Le Journal de Montreal

Lettre à ma mère

- LOUISE DESCHÂTELE­T louise.deschatele­ts@quebecorme­dia.co

À toi ma chère mère qui achève ton voyage terrestre, je voudrais dire combien c’est difficile pour moi de penser au jour où tu ne seras plus là. Dès mon plus jeune âge, je savais que tu serais la femme de ma vie. Je me souviens d’avoir humé ton parfum dans ton cou quand, tout petit, peut-être même bébé, tu me prenais dans tes bras.

Je t’admirais quand tu partais au bras de papa pour visiter vos amis. Aucune des jeunes gardiennes qui prenaient alors soin de moi ne parvenait à t’éclipser. Tu étais ma princesse, ma reine, et je savais que pour toi, j’étais l’équivalent d’un prince charmant puisque tu me le répétais chaque soir en venant me border.

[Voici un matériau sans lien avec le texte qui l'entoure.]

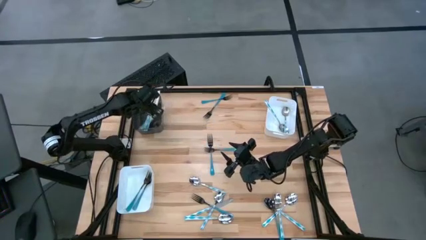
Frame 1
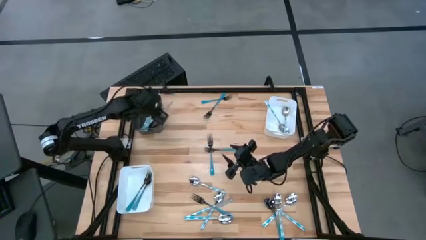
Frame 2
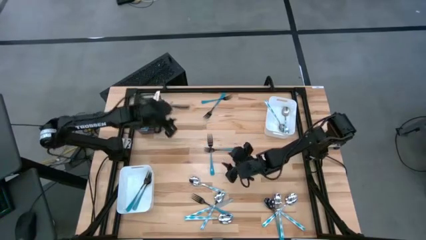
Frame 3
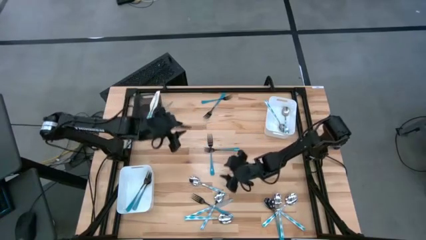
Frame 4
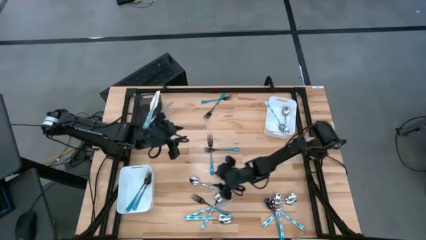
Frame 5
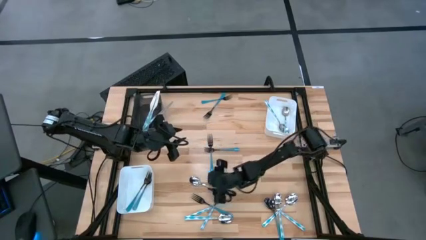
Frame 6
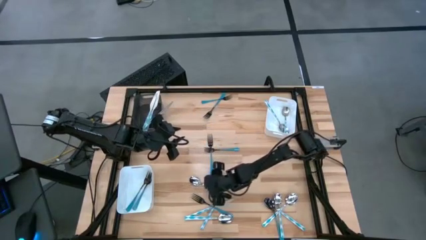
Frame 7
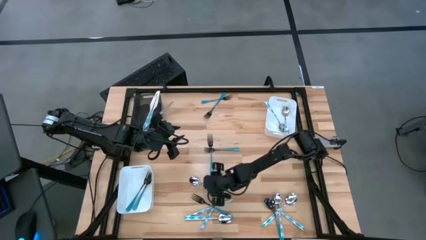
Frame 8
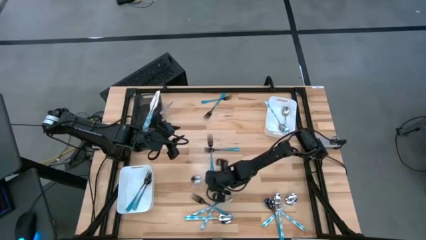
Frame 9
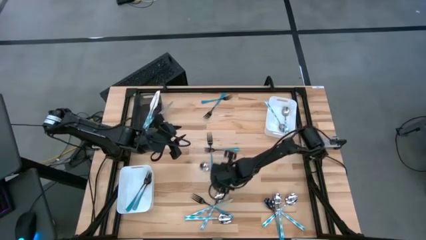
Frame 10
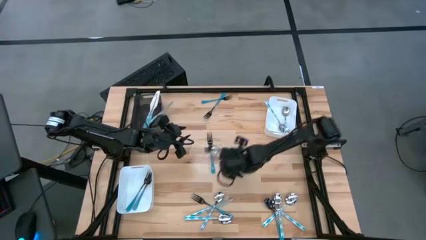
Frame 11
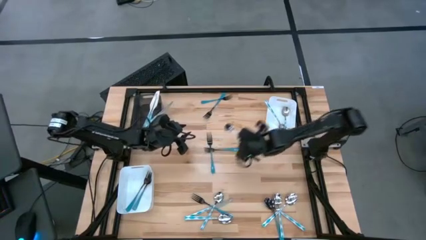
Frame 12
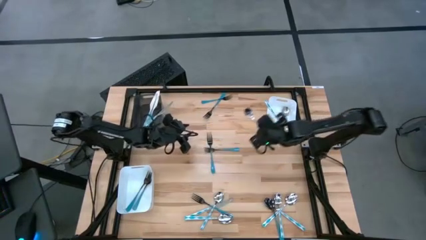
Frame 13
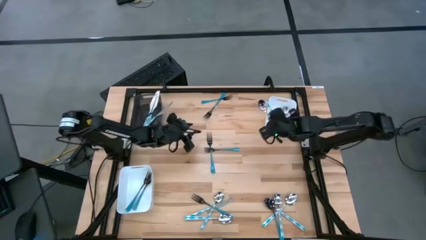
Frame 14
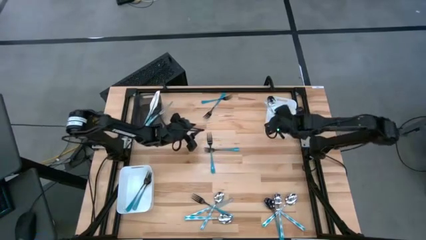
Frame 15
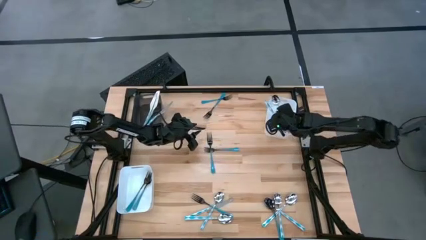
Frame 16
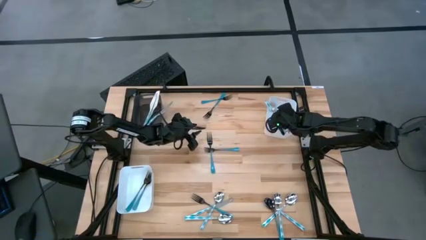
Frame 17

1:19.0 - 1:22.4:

Quand papa nous a quittés dans la fleur de l’âge, j’ai craint que tu ne le remplaces, vu que tu étais encore jeune et attrayante. Mais il n’en fut rien. Je crois que tu savais à quel point il m’aurait été difficile de te partager avec un inconnu venu de nulle part.

Pendant les quelque 40 années où nous avons vécu séparés l’un de l’autre parce que je tentais de m’affirmer comme homme, nous avons eu quelques différends qui ont créé un froid entre nous, mais rien qui ne réussisse à rompre ce lien si fort d’autrefois. Puis un jour, il y a 10 ans, tu m’as demandé de revenir à tes côtés. Ta santé déclinait et tu ne voulais plus rester seule.

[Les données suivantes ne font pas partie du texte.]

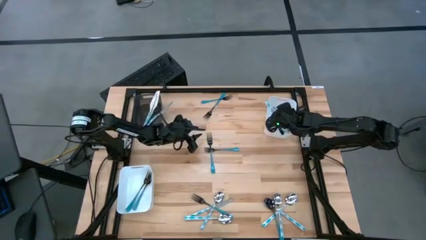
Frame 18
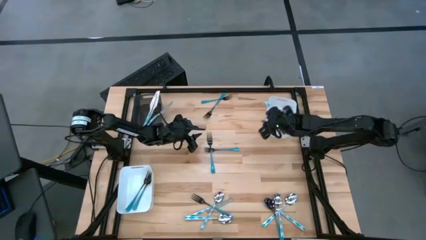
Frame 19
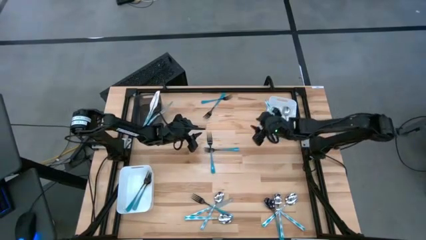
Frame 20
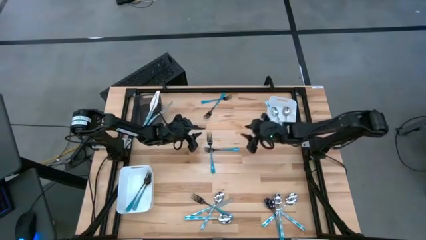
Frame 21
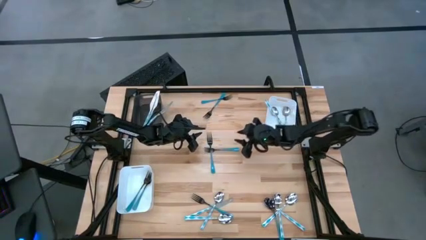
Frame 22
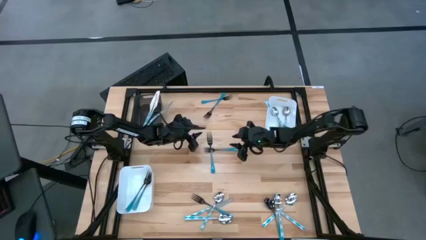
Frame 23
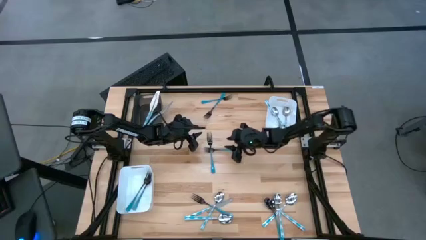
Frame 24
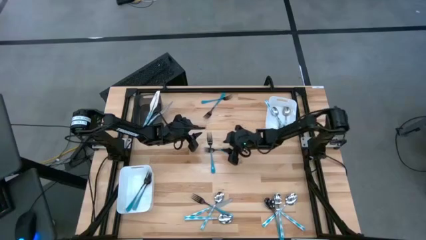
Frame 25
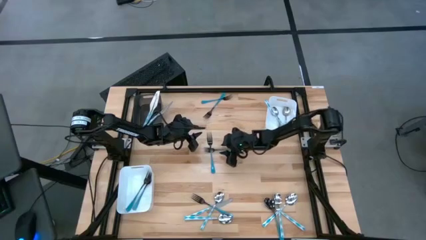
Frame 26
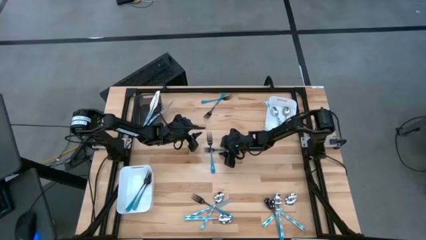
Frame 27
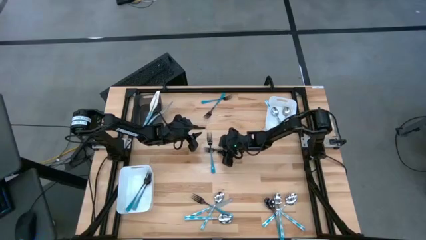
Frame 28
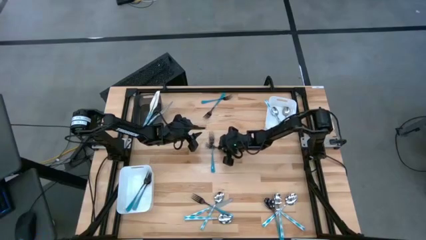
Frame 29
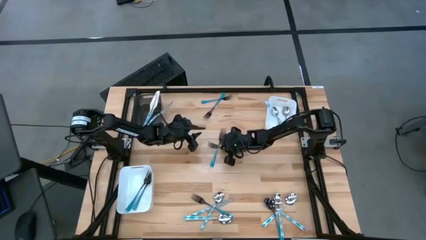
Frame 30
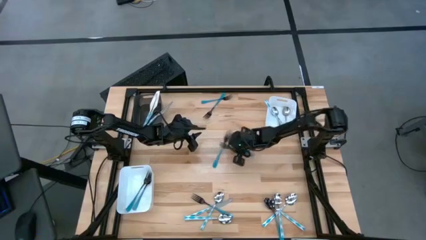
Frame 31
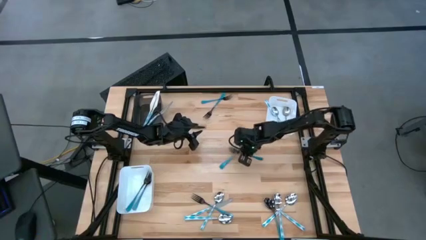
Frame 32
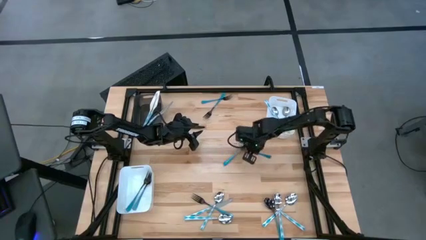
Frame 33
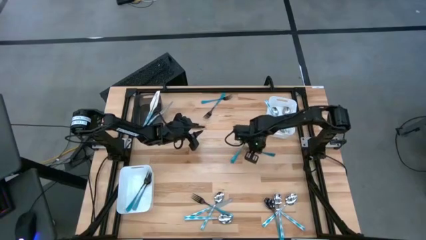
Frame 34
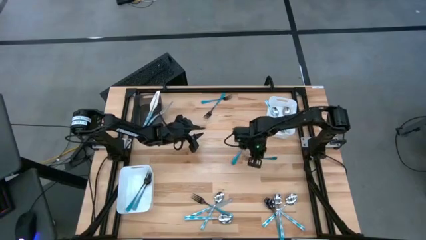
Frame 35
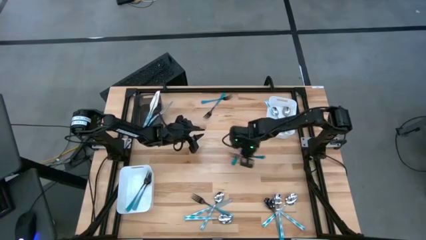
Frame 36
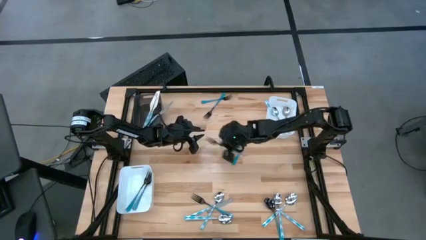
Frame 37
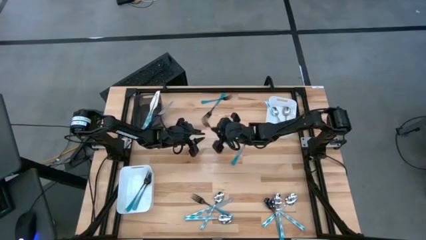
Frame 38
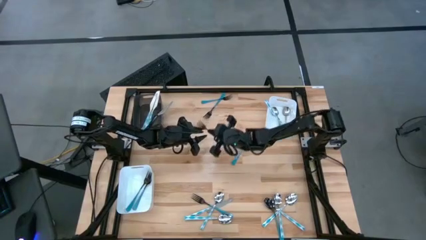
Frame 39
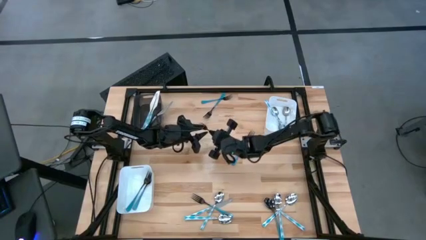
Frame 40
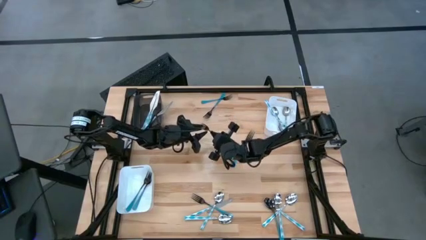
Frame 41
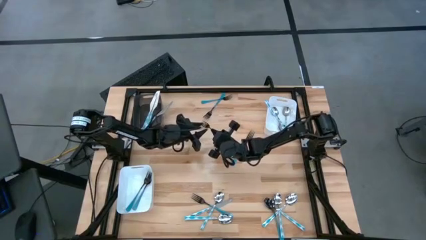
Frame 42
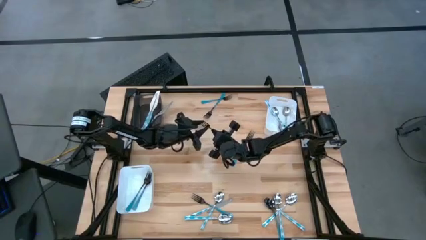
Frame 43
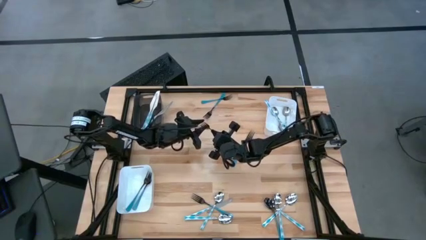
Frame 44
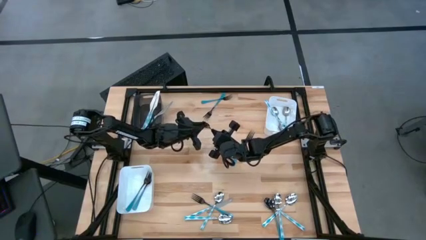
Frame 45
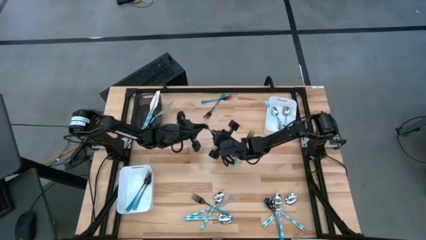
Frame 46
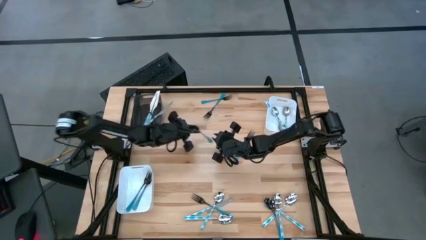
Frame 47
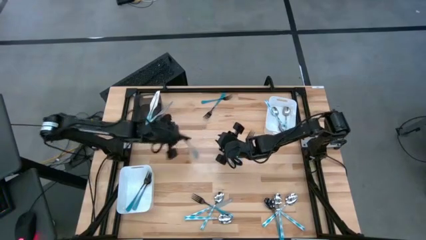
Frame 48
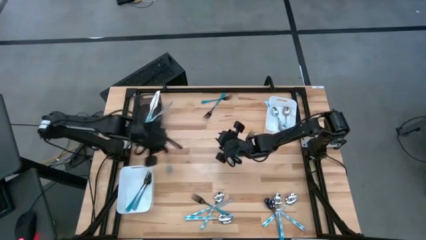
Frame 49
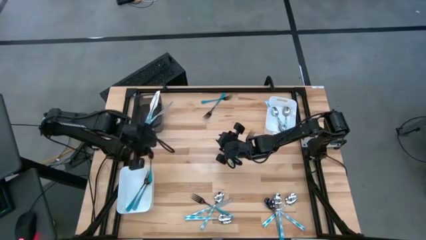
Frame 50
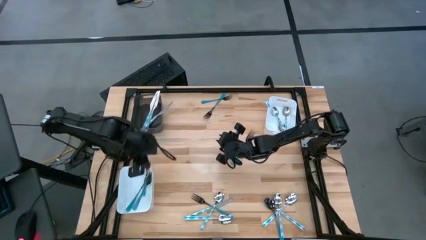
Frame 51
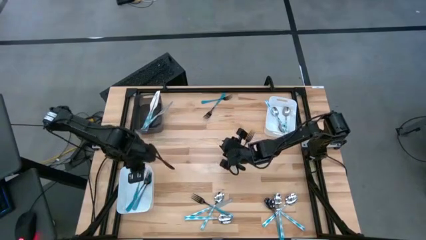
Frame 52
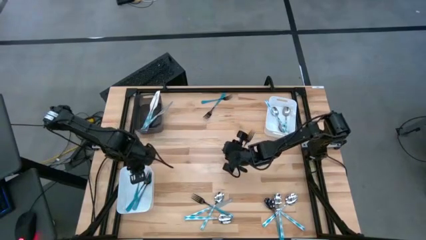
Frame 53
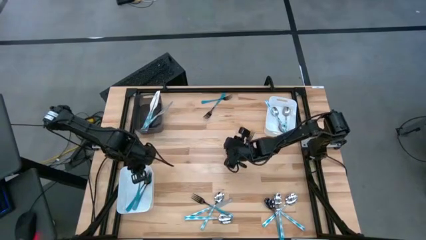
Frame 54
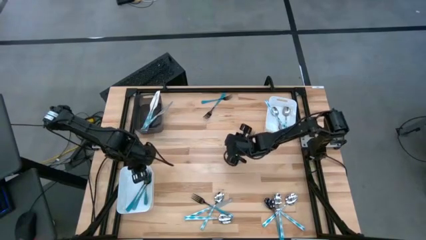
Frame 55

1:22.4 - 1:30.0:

J’ai tout quitté pour toi. Quitté ma vie personnell­e pour me consacrer à la tienne. Une fois rassurée sur ma volonté de me dévouer entièremen­t pour toi, petit à petit au fil des ans, tu as laissé ton esprit divaguer. Depuis trois ans tu ne me reconnais même plus quand je vais te visiter, puisque j’ai dû, à mon corps défendant, te placer dans une maison de soins. Maintenant que l’Alzheimer occupe toute la place dans ton existence, que je ne suis plus qu’une ombre qui gravite autour de toi sans que tu puisses l’identifier, toi qui, rendue à 95 ans est presque retournée en position foetale, je me sens fier de t’avoir tout donné chère maman.

Un fils

Ce que vous avez fait et faites encore pour votre mère est admirable et digne de respect. Comme vous êtes avare de renseignem­ents vous concernant, et même si j’admire l’oeuvre accomplie, j’espère quand même que vous avez fait une place à la réalisatio­n de votre propre bonheur à travers tout ça. Il serait triste que votre sacrifice ait été total.